We're sitting in class and she's sitting right beside me, focusing on the lesson. She's so firey and demanding. She always knows what she wants and doesn't give up until she gets it. She's so smart too, and kind even though she's Slytherin. She's not like how most people see Slytherin's. She isn't evil. Everyone thinks she's evil though... because of me.. because she has that ugly mark on her arm. No one wants to hear her out and believe her side which pisses me off even more. She acts as if she's okay with everything. That it doesn't bother her. I mean, look at her right now. Sitting there all focused and even smiling once in a while but I know she's a mess underneath. I just saw it like an hour ago. Maya is too pure for me... and i'm ruining her life by being with her.

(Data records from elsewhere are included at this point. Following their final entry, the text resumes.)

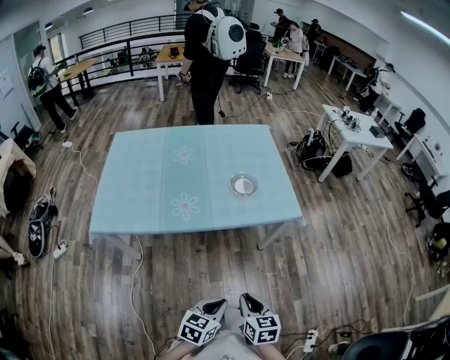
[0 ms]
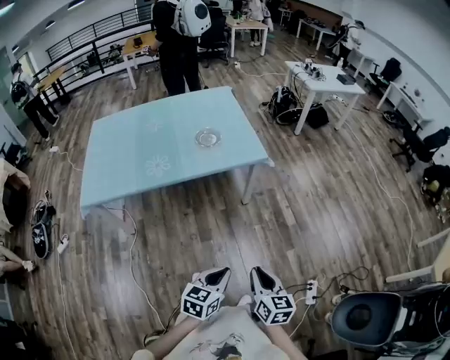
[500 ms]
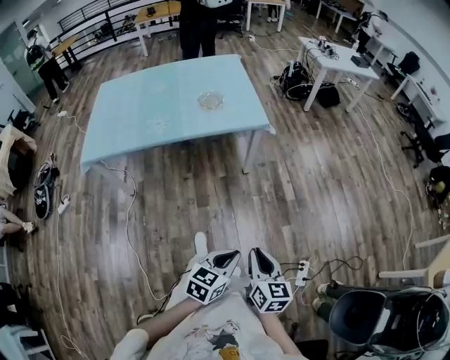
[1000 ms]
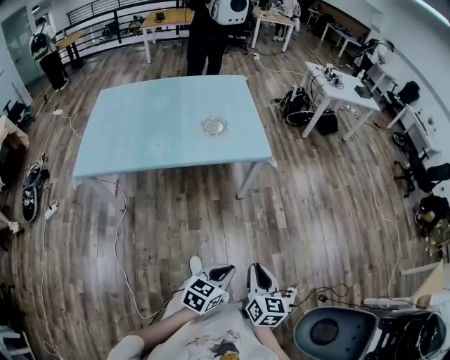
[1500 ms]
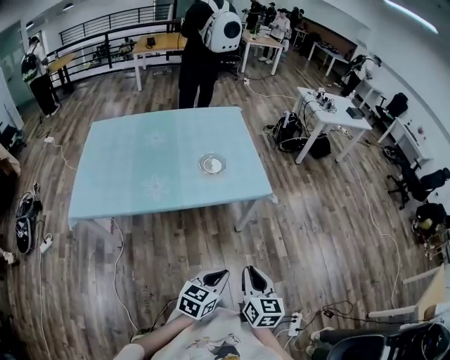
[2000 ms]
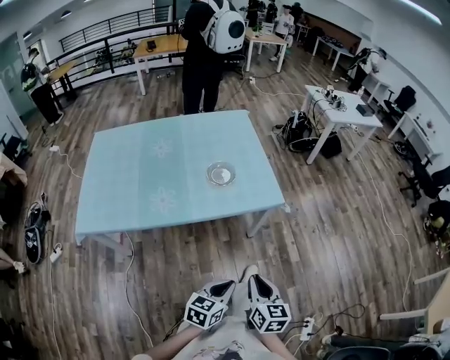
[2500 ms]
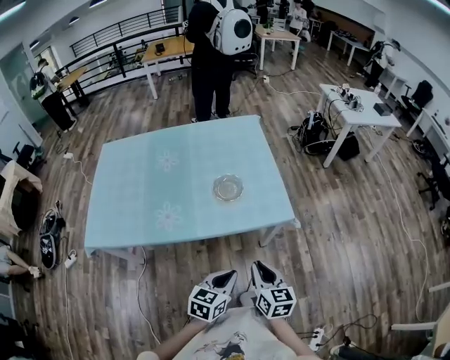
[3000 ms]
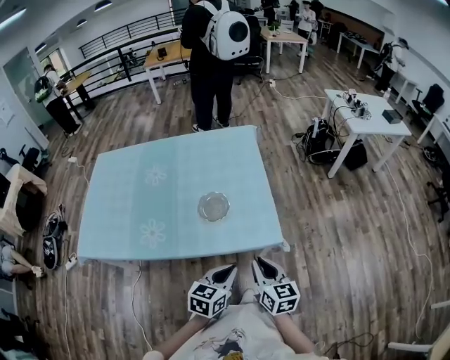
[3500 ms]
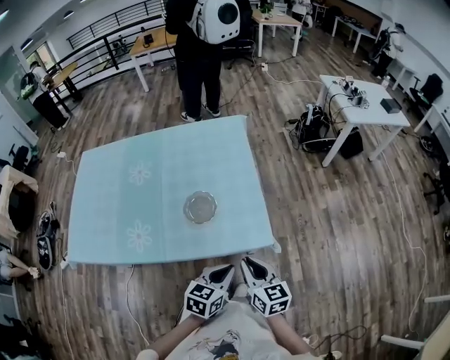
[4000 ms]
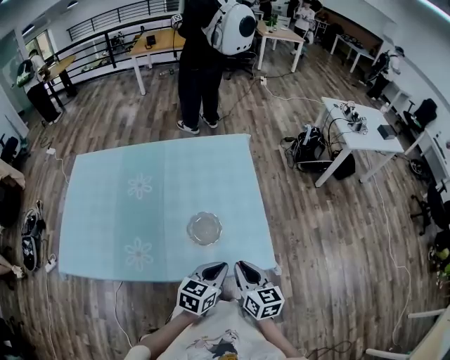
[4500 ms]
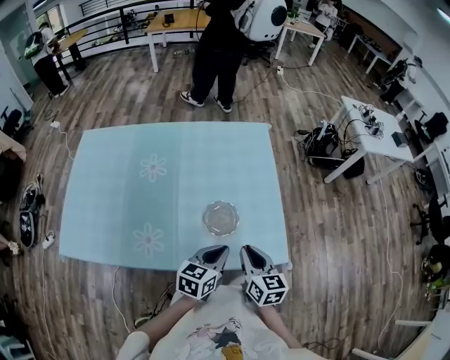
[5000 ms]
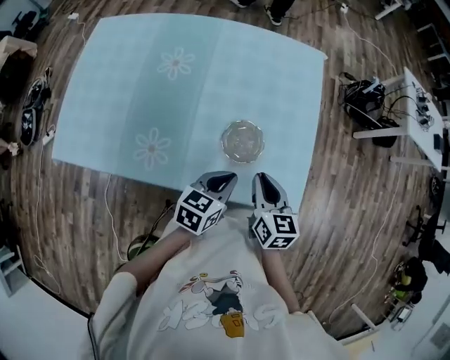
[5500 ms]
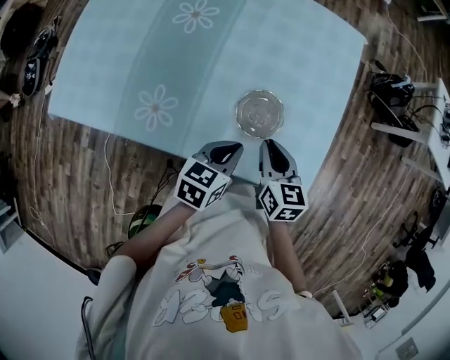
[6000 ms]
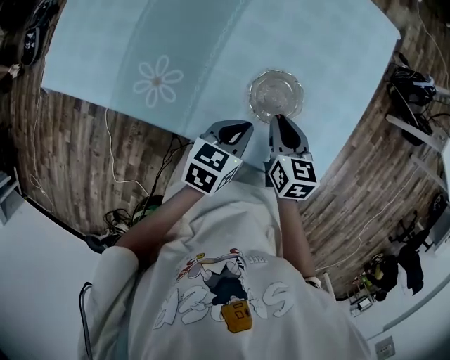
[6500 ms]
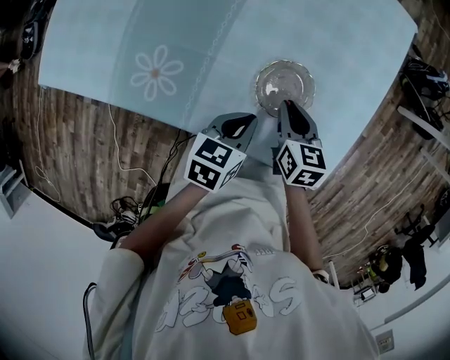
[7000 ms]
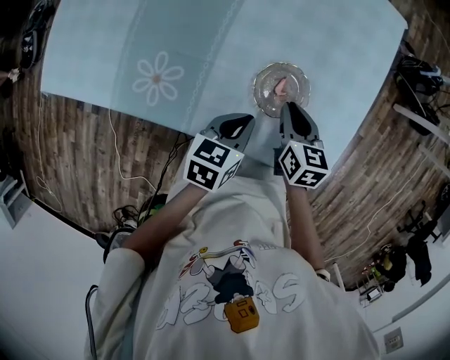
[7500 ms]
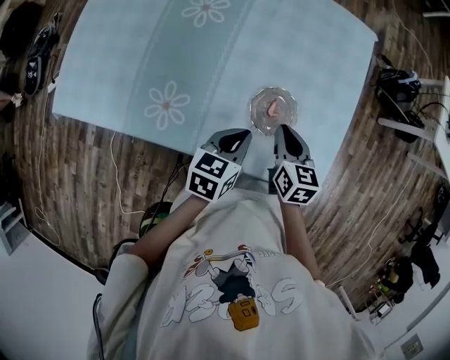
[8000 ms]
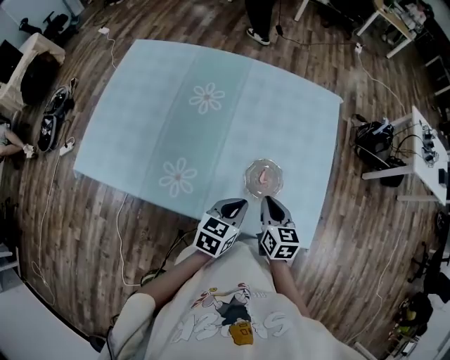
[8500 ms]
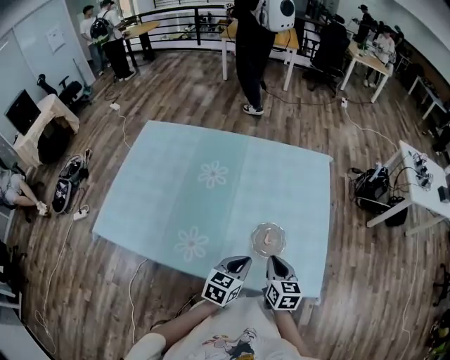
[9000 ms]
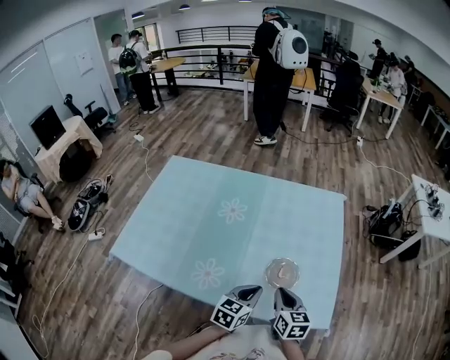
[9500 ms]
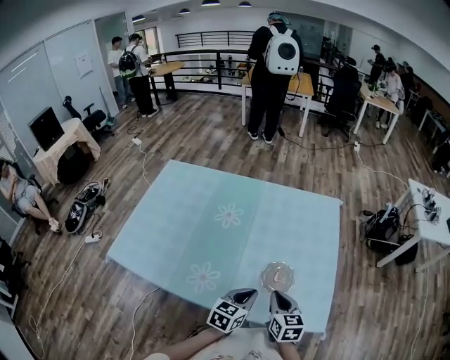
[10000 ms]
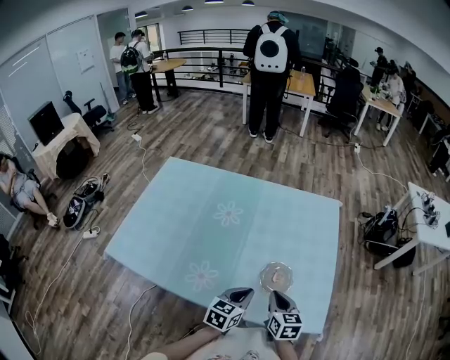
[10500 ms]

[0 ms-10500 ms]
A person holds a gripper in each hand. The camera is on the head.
0 ms to 2000 ms: The left gripper goes some 15 cm to the right. Meanwhile the right gripper goes about 15 cm to the right and upward.
2000 ms to 4000 ms: Both grippers move forward, approximately 40 cm. The right gripper rotates some 20 degrees.
4000 ms to 6500 ms: The right gripper goes about 35 cm forward, to the left and downward, and turns by roughly 30 degrees. The left gripper heads to the left, forward and downward, covering about 30 cm, and rotates some 30 degrees.
6500 ms to 8500 ms: The two grippers go roughly 10 cm upward.
8500 ms to 10500 ms: The right gripper shifts approximately 5 cm upward.

I guess she felt my eyes on her because she turned her focus to me, reaches over and takes my hand in hers before turning her attention back to the lesson.  My father was wrong about her not being good enough for me, it's the other way around. I'm not and never will be good enough for someone as perfect as her. She doesn't see it. She thinks that i'm not as bad as I lead on but how can she not see what's happening? How does she not blame me for that ugly mark on her arm? Or all of her friends looking at her as the enemy...?

"Draco... are you coming?" Her sweet voice pulls me out of my thoughts. I realize people are starting to leave the class and she's standing beside me, waiting for me. I stand up and we head down the hall to the common room but neither of us are talking. She keeps looking up at me but I don't know what to say to her... I don't want to be the reason she's losing everything.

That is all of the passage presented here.